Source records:
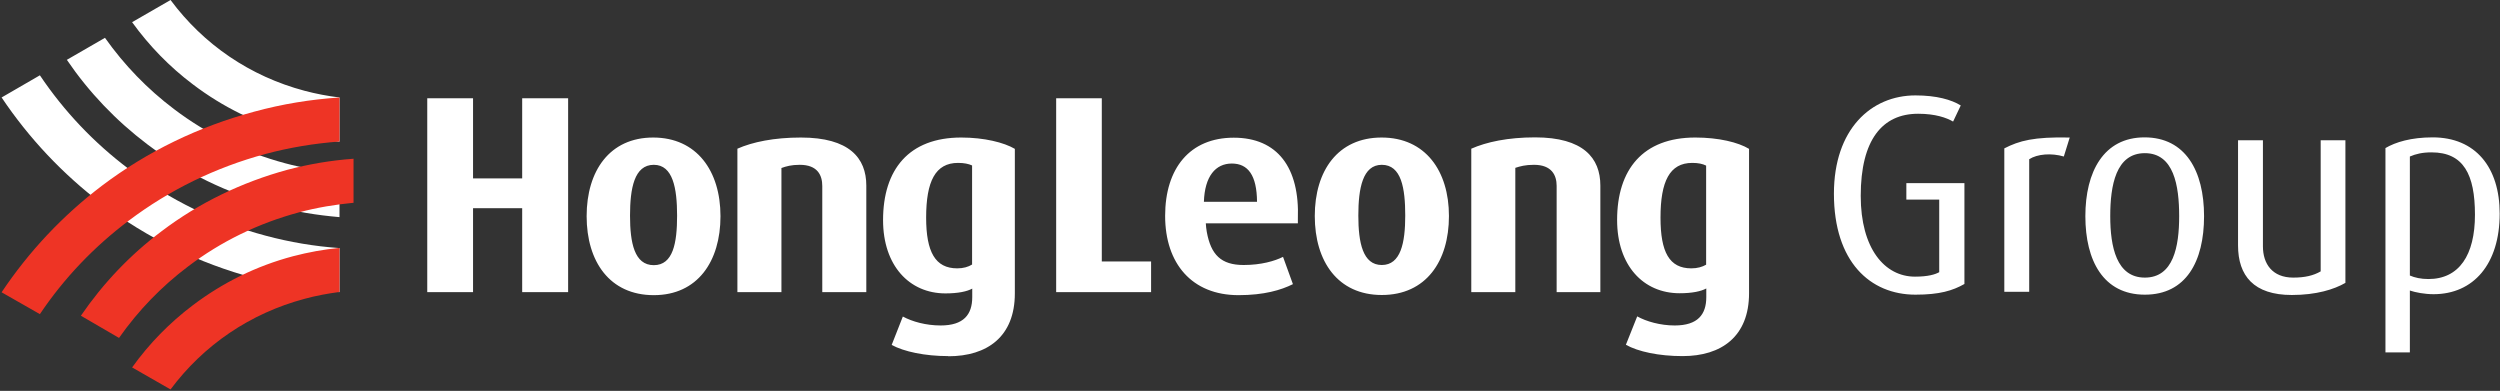 <svg version="1.2" xmlns="http://www.w3.org/2000/svg" viewBox="0 0 1567 245" width="1567" height="245">
	<rect x="0" y="0" width="1567" height="245" fill="#333333" stroke="none"/>
	<title>Hong_Leong_Group_logo-svg</title>
	<style>
		.s0 { fill: #ffffff } 
		.s1 { fill: #ee3425 } 
	</style>
	<path id="Layer" class="s0" d="m212.8 61.1c-7.4-0.9-14.7-2.3-21.9-4.2-34.2-9.1-63.3-29-84-56.9l-24.1 13.9c10.7 14.8 23.4 27.9 38 38.9 18.8 14.3 39.8 24.6 62.8 30.8 9.7 2.5 19.3 4.2 29.2 5.2v-27.7zm0 74.9v-27.6c-11.6-1.2-23-3.1-34.2-6.1-25.3-6.8-48.8-18.2-69.5-33.9-16.7-12.6-31.2-27.6-43.3-44.7l-23.9 13.8c13.9 20.4 30.8 38.1 50.5 53 23.6 17.8 50.4 30.7 79 38.5 13.8 3.7 27.4 5.9 41.4 7.1m-187.8-88.9c15.2 22.6 33.9 42.3 55.7 58.7 25.6 19.4 54.5 33.5 85.7 41.8 15.3 4.1 30.7 6.7 46.4 7.8v27.6c-18.1-1.1-35.9-4.1-53.5-8.8-34.6-9.3-66.8-24.9-95.4-46.5-24.6-18.7-45.7-41.1-62.9-66.7z"/>
	<path id="Layer" class="s1" d="m25 196.9c15.1-22.5 33.9-42.2 55.7-58.6 25.6-19.3 54.5-33.4 85.7-41.8 15.3-4.1 30.7-6.6 46.4-7.8v-27.6c-18.1 1.2-35.9 4.1-53.5 8.9-34.6 9.3-66.8 24.8-95.4 46.4-24.6 18.7-45.7 41.1-62.9 66.8zm196.6-97.4v27.6c-11.5 1.1-23 3-34.2 6-25.3 6.8-48.8 18.2-69.5 33.9-16.7 12.6-31.2 27.6-43.3 44.8l-23.9-13.9c13.9-20.3 30.8-38.1 50.5-52.9 23.6-17.9 50.4-30.8 79-38.6 13.8-3.6 27.4-5.9 41.4-6.9m-8.8 83.5c-7.4 1-14.6 2.3-21.9 4.3-34.1 9.1-63.3 29-84 56.8l-24.1-13.8q16.1-22.4 38.1-39c18.8-14.2 39.8-24.6 62.8-30.7 9.6-2.5 19.3-4.3 29.1-5.2 0 0 0 27.7 0 27.6z"/>
	<path id="Layer" fill-rule="evenodd" class="s0" d="m1200.5 184.7q0 0 0.1 0 0 0 0 0m-51.1-63.3c0-40.4 23.3-61.6 51.1-61.6 13.2 0 22.6 2.7 28.4 6.3l-4.8 10.1c-4.1-2.4-11.1-4.9-21.9-4.9-22.4 0-36 16.2-36 51.5 0 33 15 50.6 34 50.6 8.3 0 12.7-1.4 15.2-2.8v-45.5h-20.6v-10.3h36.4v63.2c-7.4 4.2-15.6 6.7-30.7 6.7-28.3 0-51.1-20.5-51.1-63.3zm144.1-23.3q0 0 0 0 0 0 0 0zm-21.7 1.7v83.1h-15.6v-89.9c9.4-4.8 18.4-7.3 41-6.8 0 0-3.7 11.9-3.7 11.9-7.8-2.3-16.6-1.6-21.7 1.7zm72.5 84.9c-26 0-37.3-21.3-37.3-49.2 0-27.9 11.5-49.4 37.1-49.4 25.6 0 37.3 21 37.3 49.4 0 28.4-11.3 49.2-37.1 49.2zm0-88.7c-18.2 0-21.7 20.3-21.7 39.5 0 19.2 3.9 38.5 21.7 38.5 17.9 0 21.5-19.4 21.5-38.5 0-19.1-3.3-39.5-21.5-39.5zm92.1 88.9c-23.8 0-33.7-12-33.7-31.1v-65.9h15.6v66.5c0 11.1 6 19.6 19 19.6 7.4 0 12.7-1.3 17.2-3.9v-82.2h15.5v89.4c-7.1 4.1-18.2 7.6-33.6 7.6zm88.8-0.5c-5.5 0-11.3-1.1-14.8-2.3v38.8h-15.3v-128.1c6.3-3.7 16-6.7 29.6-6.7 26.8 0 42 18.7 42 47.8 0 31.6-16.4 50.5-41.5 50.5zm-1.2-88.9c-5.8 0-9.9 1-13.6 2.6v74.6c3 1.3 6.9 2.2 11.6 2.2 19.3 0 29.2-15 29.2-40.3 0-25.2-7.1-39.1-27.2-39.1zm-750.8-9.2c27.4 0 41.4 18.7 40.2 50.9v2.8h-57.7c0.1 1.8 0.3 3.6 0.6 5.3 2.6 14.4 9 20.8 23.1 20.8 11 0 19.5-2.5 24.7-5.1l6.2 17.1c-7.4 3.7-18.1 6.9-34.1 6.9-29.2 0-46-19.8-46-49.7 0-29.8 15.5-49 43-49zm14.6 40.2c-0.1-16.7-5.7-24-15.8-24-10.2 0-17 8-17.5 24zm-460.6 4h-30.8v52.6h-28.7v-121.5h28.7v50.2h30.8v-50.2h28.8v121.5h-28.8zm82.5 54.5c-27.6 0-42.1-21-42.1-49.5 0-28.5 14.5-49.3 41.7-49.3 27.3 0 42.2 20.9 42.2 49.3 0 28.4-14.4 49.5-41.8 49.5zm0-81.7c-12.3 0-14.9 14.9-14.9 31.9 0 16.9 2.7 31 14.9 31 12.1 0 14.6-13.9 14.6-31 0-17.2-2.6-31.9-14.6-31.9zm105.6 79.8v-66.5c0-6.7-2.9-13.3-14.1-13.3-5.3 0-8.4 0.9-11.5 2v77.8h-27.6v-89.9c9.5-4.2 22.9-7 39.8-7 30.3 0 41 12.8 41 30.1v66.8zm79 40.1c-14.7 0-27.8-2.8-35.5-7l7-17.8c5.9 3.2 14.5 5.6 23.7 5.6 14.4 0 19.8-6.8 19.8-17.8v-5.3c-3.3 1.8-8.8 3-16.8 3-22.7 0-39.1-17.5-39.1-45.9 0-31.8 16.2-51.8 49-51.8 14.4 0 26.8 3.1 33.6 7.1v90.6c0 27.1-17.3 39.4-41.7 39.4zm14.9-119.5c-2.2-1-5-1.6-8.8-1.6-14.2 0-20 11.5-20 34.3 0 21.5 5.7 31.8 19.5 31.8 3.8 0 6.9-0.9 9.3-2.4zm52.7-42.1h28.6v102.3h30.9v19.2h-59.5zm204.1 123.3c-27.5 0-42-21-42-49.5 0-28.4 14.5-49.2 41.9-49.2 27.4 0 42.2 20.9 42.2 49.2 0 28.4-14.4 49.5-42.1 49.5zm0-81.6c-12 0-14.7 14.8-14.7 31.8 0 17 2.8 31 14.7 31 11.9 0 14.7-13.9 14.7-31 0-17.1-2.4-31.8-14.7-31.8zm109.6 79.8v-66.6c0-6.7-3.1-13.2-14.2-13.2-5.5 0-8.6 0.9-11.7 1.9v77.9h-27.6v-89.9c9.5-4.2 22.9-7.1 40-7.1 30.2 0 40.9 12.9 40.9 30.2v66.8c0 0-27.5 0-27.4 0zm78.9 40.1c-14.8 0-27.9-2.8-35.5-7.1l7.1-17.8c5.7 3.2 14.5 5.7 23.5 5.7 14.5 0 19.8-6.9 19.8-17.8v-5.4c-3.3 1.8-8.8 3-16.7 3-22.8 0-39.2-17.4-39.2-45.9 0-31.7 16.2-51.7 49-51.7 14.7 0 26.9 3 33.7 7.1v90.5c0 27.1-17.3 39.4-41.6 39.4zm14.8-119.4c-2.2-1.1-4.9-1.7-8.7-1.7-14.2 0-19.9 11.6-19.9 34.3 0 21.6 5.5 31.8 19.3 31.8 3.8 0 6.9-0.9 9.3-2.3v-62.1z"/>
</svg>

Exercise details: Starting at the first line of the records and stopping after the line with "196.9c15.1-22.5 33.9-42.2 55.7-58.6", copy each line exactly; pictures stay out.

Result of this task:
 <svg version="1.2" xmlns="http://www.w3.org/2000/svg" viewBox="0 0 1567 245" width="1567" height="245">
	<rect x="0" y="0" width="1567" height="245" fill="#333333" stroke="none"/>
	<title>Hong_Leong_Group_logo-svg</title>
	<style>
		.s0 { fill: #ffffff } 
		.s1 { fill: #ee3425 } 
	</style>
	<path id="Layer" class="s0" d="m212.8 61.1c-7.4-0.9-14.7-2.3-21.9-4.2-34.2-9.1-63.3-29-84-56.9l-24.1 13.9c10.7 14.8 23.4 27.9 38 38.9 18.8 14.3 39.8 24.6 62.8 30.8 9.7 2.5 19.3 4.2 29.2 5.2v-27.7zm0 74.9v-27.6c-11.6-1.2-23-3.1-34.2-6.1-25.3-6.8-48.8-18.2-69.5-33.9-16.7-12.6-31.2-27.6-43.3-44.7l-23.9 13.8c13.9 20.4 30.8 38.1 50.5 53 23.6 17.8 50.4 30.7 79 38.5 13.8 3.7 27.4 5.9 41.4 7.1m-187.8-88.9c15.2 22.6 33.9 42.3 55.7 58.7 25.6 19.4 54.5 33.5 85.7 41.8 15.3 4.1 30.7 6.7 46.4 7.8v27.6c-18.1-1.1-35.9-4.1-53.5-8.8-34.6-9.3-66.8-24.9-95.4-46.5-24.6-18.7-45.7-41.1-62.9-66.7z"/>
	<path id="Layer" class="s1" d="m25 196.9c15.1-22.5 33.9-42.2 55.7-58.6 25.6-19.3 54.5-33.4 85.7-41.8 15.3-4.1 30.7-6.6 46.4-7.8v-27.6c-18.1 1.2-35.9 4.1-53.5 8.9-34.6 9.3-66.8 24.8-95.4 46.4-24.6 18.7-45.7 41.1-62.9 66.8zm196.6-97.4v27.6c-11.5 1.1-23 3-34.2 6-25.3 6.8-48.8 18.2-69.5 33.9-16.7 12.6-31.2 27.6-43.3 44.8l-23.9-13.9c13.9-20.3 30.8-38.1 50.5-52.9 23.6-17.9 50.4-30.8 79-38.6 13.8-3.6 27.4-5.9 41.4-6.9m-8.8 83.5c-7.4 1-14.6 2.3-21.9 4.3-34.1 9.1-63.3 29-84 56.8l-24.1-13.8q16.1-22.4 38.1-39c18.8-14.2 39.8-24.6 62.8-30.7 9.6-2.5 19.3-4.3 29.1-5.2 0 0 0 27.7 0 27.6z"/>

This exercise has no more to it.